## What to produce
Repeat all of the data word for word so that only the pictures are missing from the copy.

** Input data follows **

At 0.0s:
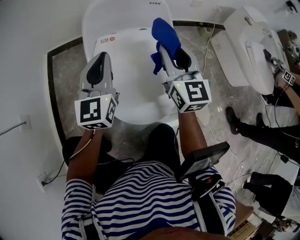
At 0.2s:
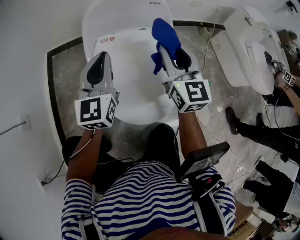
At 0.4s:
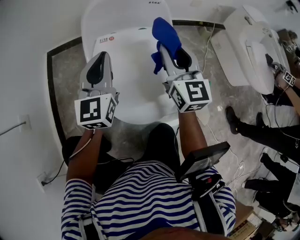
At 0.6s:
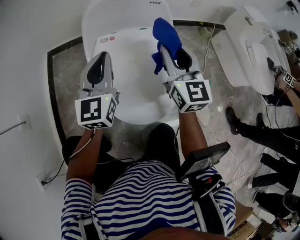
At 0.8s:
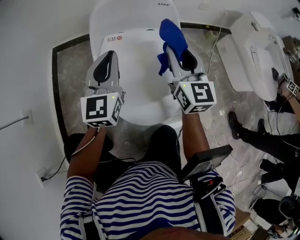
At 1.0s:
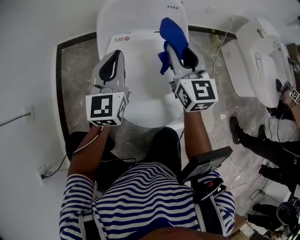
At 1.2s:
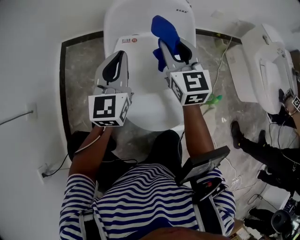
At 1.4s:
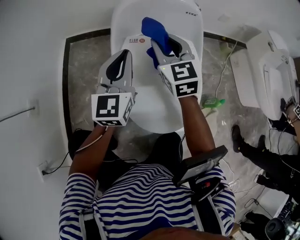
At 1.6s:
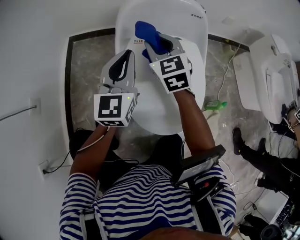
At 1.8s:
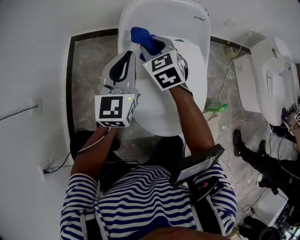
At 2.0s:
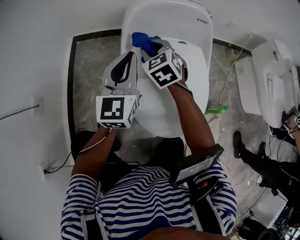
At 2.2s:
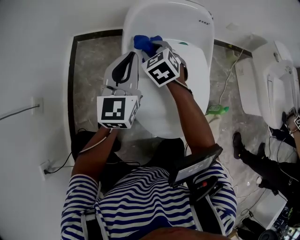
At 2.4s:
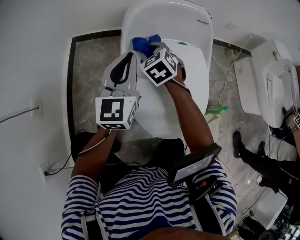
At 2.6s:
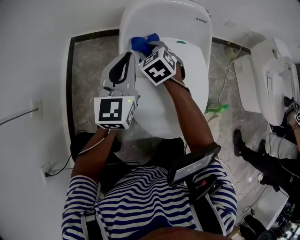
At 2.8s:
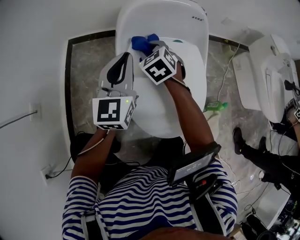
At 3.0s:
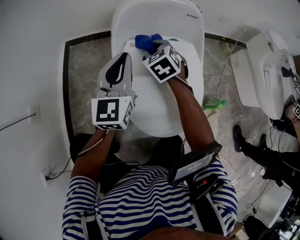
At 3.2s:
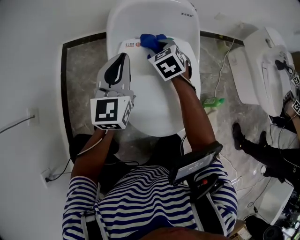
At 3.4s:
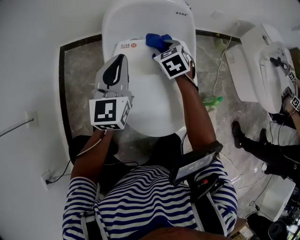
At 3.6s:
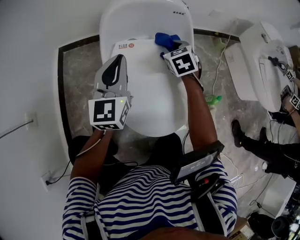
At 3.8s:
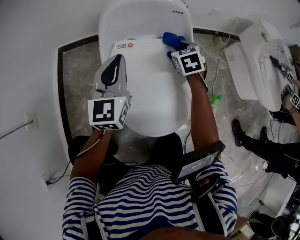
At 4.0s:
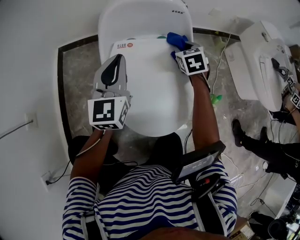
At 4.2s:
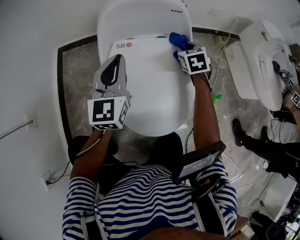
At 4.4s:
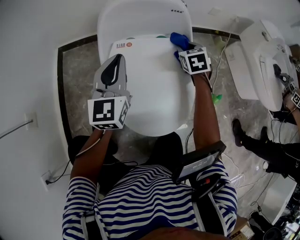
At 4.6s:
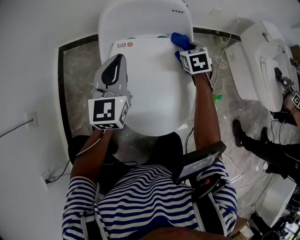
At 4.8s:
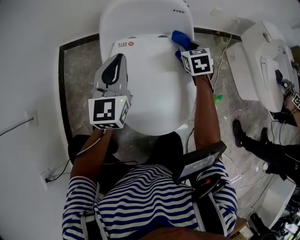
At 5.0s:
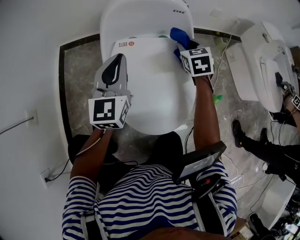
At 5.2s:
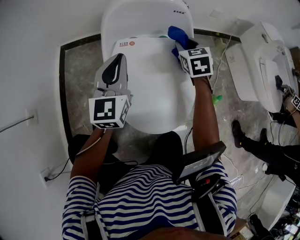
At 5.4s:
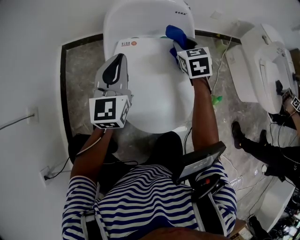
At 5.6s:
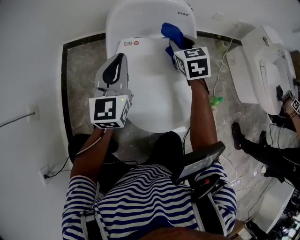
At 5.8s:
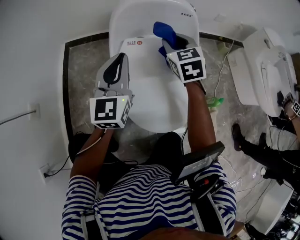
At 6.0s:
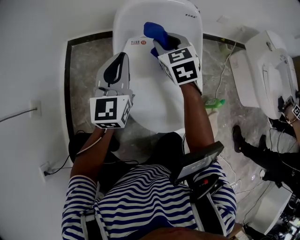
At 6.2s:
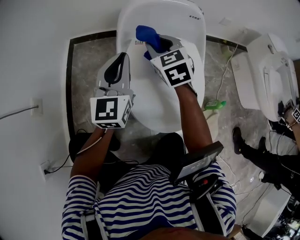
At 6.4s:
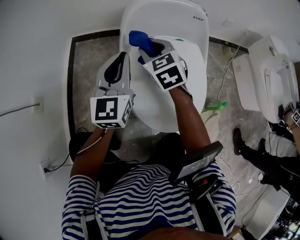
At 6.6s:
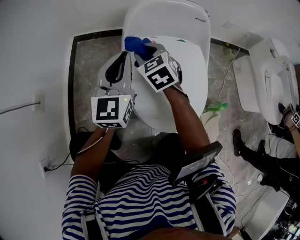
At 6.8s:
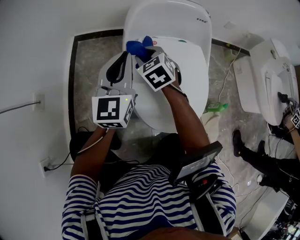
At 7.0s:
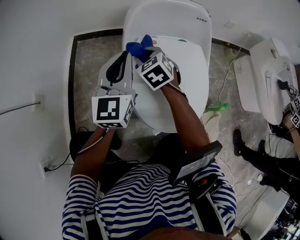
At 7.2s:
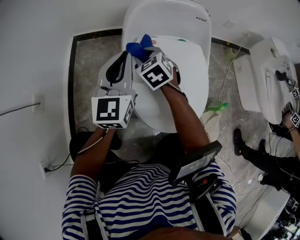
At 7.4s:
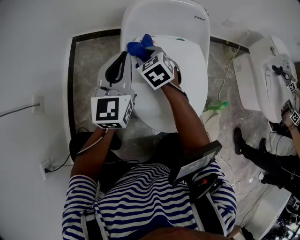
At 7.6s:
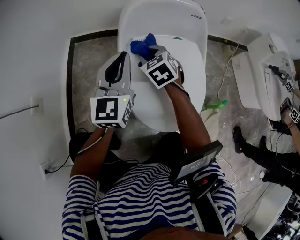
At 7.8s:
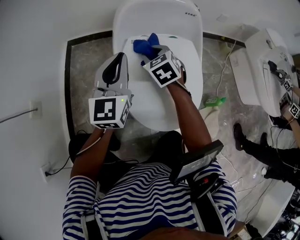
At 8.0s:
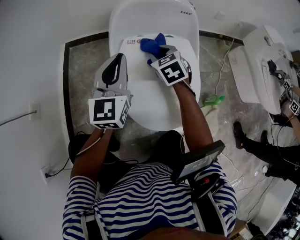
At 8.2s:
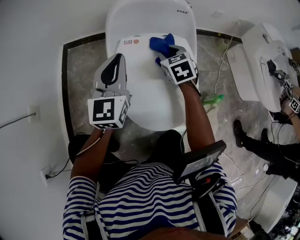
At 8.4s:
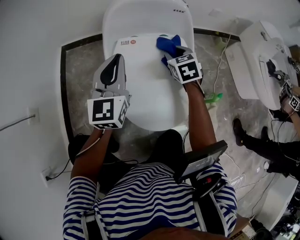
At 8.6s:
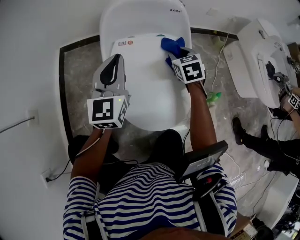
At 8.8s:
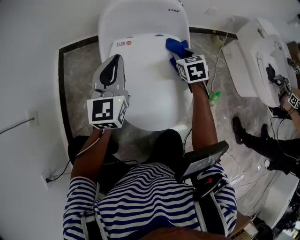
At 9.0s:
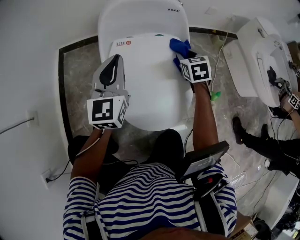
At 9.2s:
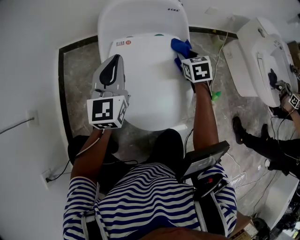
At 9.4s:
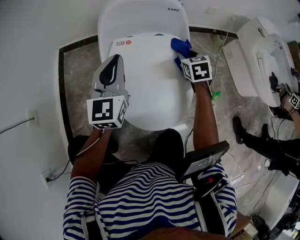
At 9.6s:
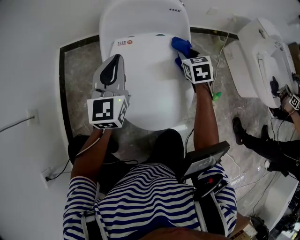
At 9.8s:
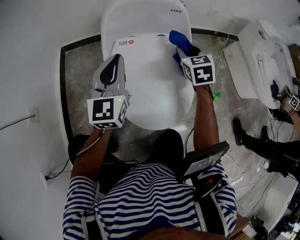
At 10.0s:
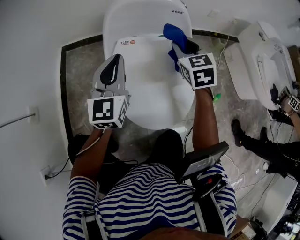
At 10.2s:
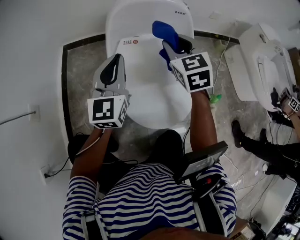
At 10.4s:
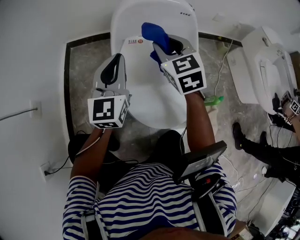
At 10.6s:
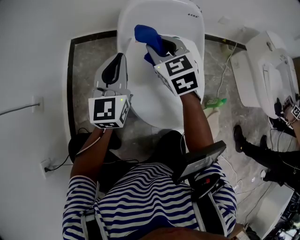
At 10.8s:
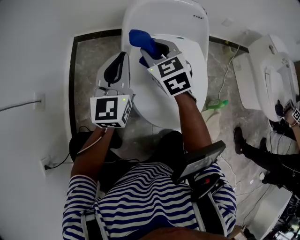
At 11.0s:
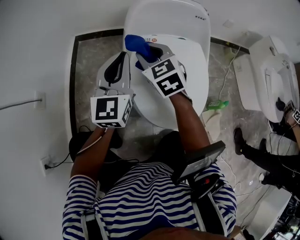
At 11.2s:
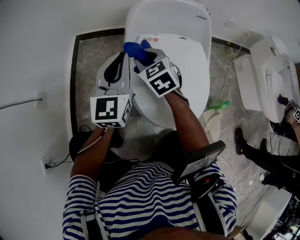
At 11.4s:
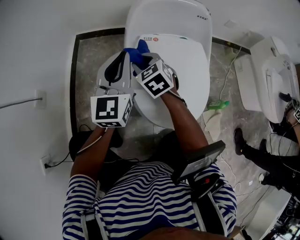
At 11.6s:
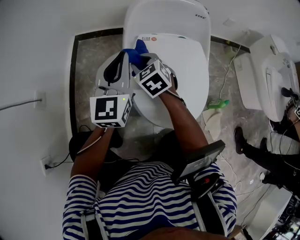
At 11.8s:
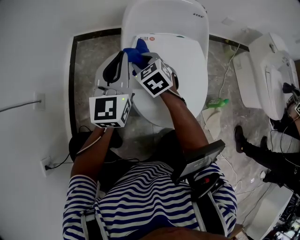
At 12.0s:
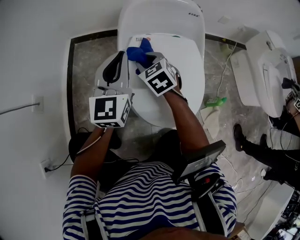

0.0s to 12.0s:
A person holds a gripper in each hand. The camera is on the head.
0.0s to 1.6s: The left gripper changes place by some 5 cm. Meanwhile the right gripper is displaced to the left, forward and downward by some 20 cm, and changes its angle by approximately 30 degrees.
1.6s to 3.0s: The right gripper shifts approximately 10 cm downward, and swivels approximately 20 degrees.
3.0s to 4.4s: The right gripper heads to the right, covering about 20 cm, and changes its angle by some 20 degrees.
4.4s to 6.0s: The left gripper ends up some 5 cm from where it was; the right gripper shifts roughly 20 cm to the left and upward, and rotates some 20 degrees.
6.0s to 7.6s: The right gripper moves downward and to the left, approximately 10 cm.
7.6s to 9.0s: The left gripper shifts roughly 5 cm to the right; the right gripper goes some 25 cm to the right, and turns by some 30 degrees.
9.0s to 10.4s: The right gripper moves to the left and upward, some 20 cm, and changes its angle by roughly 30 degrees.
10.4s to 12.0s: The right gripper shifts about 15 cm downward and to the left.

** End of Input data **

## Answer space
At 0.0s:
At 0.2s:
At 0.4s:
At 0.6s:
At 0.8s:
At 1.0s:
At 1.2s:
At 1.4s:
At 1.6s:
At 1.8s:
At 2.0s:
At 2.2s:
At 2.4s:
At 2.6s:
At 2.8s:
At 3.0s:
At 3.2s:
At 3.4s:
At 3.6s:
At 3.8s:
At 4.0s:
At 4.2s:
At 4.4s:
At 4.6s:
At 4.8s:
At 5.0s:
At 5.2s:
At 5.4s:
At 5.6s:
At 5.8s:
At 6.0s:
At 6.2s:
At 6.4s:
At 6.6s:
At 6.8s:
At 7.0s:
At 7.2s:
At 7.4s:
At 7.6s:
At 7.8s:
At 8.0s:
At 8.2s:
At 8.4s:
At 8.6s:
At 8.8s:
At 9.0s:
At 9.2s:
At 9.4s:
At 9.6s:
At 9.8s:
At 10.0s:
At 10.2s:
At 10.4s:
At 10.6s:
At 10.8s:
At 11.0s:
At 11.2s:
At 11.4s:
At 11.6s:
At 11.8s:
At 12.0s:

0.0s to 12.0s:
A person holds a gripper in each hand. The camera is on the head.
0.0s to 1.6s: The left gripper changes place by some 5 cm. Meanwhile the right gripper is displaced to the left, forward and downward by some 20 cm, and changes its angle by approximately 30 degrees.
1.6s to 3.0s: The right gripper shifts approximately 10 cm downward, and swivels approximately 20 degrees.
3.0s to 4.4s: The right gripper heads to the right, covering about 20 cm, and changes its angle by some 20 degrees.
4.4s to 6.0s: The left gripper ends up some 5 cm from where it was; the right gripper shifts roughly 20 cm to the left and upward, and rotates some 20 degrees.
6.0s to 7.6s: The right gripper moves downward and to the left, approximately 10 cm.
7.6s to 9.0s: The left gripper shifts roughly 5 cm to the right; the right gripper goes some 25 cm to the right, and turns by some 30 degrees.
9.0s to 10.4s: The right gripper moves to the left and upward, some 20 cm, and changes its angle by roughly 30 degrees.
10.4s to 12.0s: The right gripper shifts about 15 cm downward and to the left.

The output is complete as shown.